_Problem_:
Your answer must be an exact copy of every record below.

_Stored data_:
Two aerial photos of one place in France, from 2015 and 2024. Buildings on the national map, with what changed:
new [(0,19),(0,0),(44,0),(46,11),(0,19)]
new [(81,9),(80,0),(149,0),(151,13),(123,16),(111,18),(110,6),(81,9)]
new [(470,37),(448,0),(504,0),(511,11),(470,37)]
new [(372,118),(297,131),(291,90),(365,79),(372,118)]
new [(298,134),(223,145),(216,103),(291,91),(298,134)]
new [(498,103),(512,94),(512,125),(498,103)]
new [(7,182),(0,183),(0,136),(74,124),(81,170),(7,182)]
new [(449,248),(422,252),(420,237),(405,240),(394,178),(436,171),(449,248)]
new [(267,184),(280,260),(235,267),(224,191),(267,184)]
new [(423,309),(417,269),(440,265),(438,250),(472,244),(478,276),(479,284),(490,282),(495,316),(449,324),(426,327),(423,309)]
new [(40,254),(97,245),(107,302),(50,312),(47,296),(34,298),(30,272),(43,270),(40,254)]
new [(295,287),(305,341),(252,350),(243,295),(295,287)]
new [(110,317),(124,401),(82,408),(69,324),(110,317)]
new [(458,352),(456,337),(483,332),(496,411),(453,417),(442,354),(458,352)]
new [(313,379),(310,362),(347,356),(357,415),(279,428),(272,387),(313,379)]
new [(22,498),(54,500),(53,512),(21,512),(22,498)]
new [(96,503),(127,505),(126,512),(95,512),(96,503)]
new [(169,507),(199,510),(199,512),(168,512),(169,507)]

_Written answer_:
Two aerial photos of one place in France, from 2015 and 2024. Buildings on the national map, with what changed:
new [(0,19),(0,0),(44,0),(46,11),(0,19)]
new [(81,9),(80,0),(149,0),(151,13),(123,16),(111,18),(110,6),(81,9)]
new [(470,37),(448,0),(504,0),(511,11),(470,37)]
new [(372,118),(297,131),(291,90),(365,79),(372,118)]
new [(298,134),(223,145),(216,103),(291,91),(298,134)]
new [(498,103),(512,94),(512,125),(498,103)]
new [(7,182),(0,183),(0,136),(74,124),(81,170),(7,182)]
new [(449,248),(422,252),(420,237),(405,240),(394,178),(436,171),(449,248)]
new [(267,184),(280,260),(235,267),(224,191),(267,184)]
new [(423,309),(417,269),(440,265),(438,250),(472,244),(478,276),(479,284),(490,282),(495,316),(449,324),(426,327),(423,309)]
new [(40,254),(97,245),(107,302),(50,312),(47,296),(34,298),(30,272),(43,270),(40,254)]
new [(295,287),(305,341),(252,350),(243,295),(295,287)]
new [(110,317),(124,401),(82,408),(69,324),(110,317)]
new [(458,352),(456,337),(483,332),(496,411),(453,417),(442,354),(458,352)]
new [(313,379),(310,362),(347,356),(357,415),(279,428),(272,387),(313,379)]
new [(22,498),(54,500),(53,512),(21,512),(22,498)]
new [(96,503),(127,505),(126,512),(95,512),(96,503)]
new [(169,507),(199,510),(199,512),(168,512),(169,507)]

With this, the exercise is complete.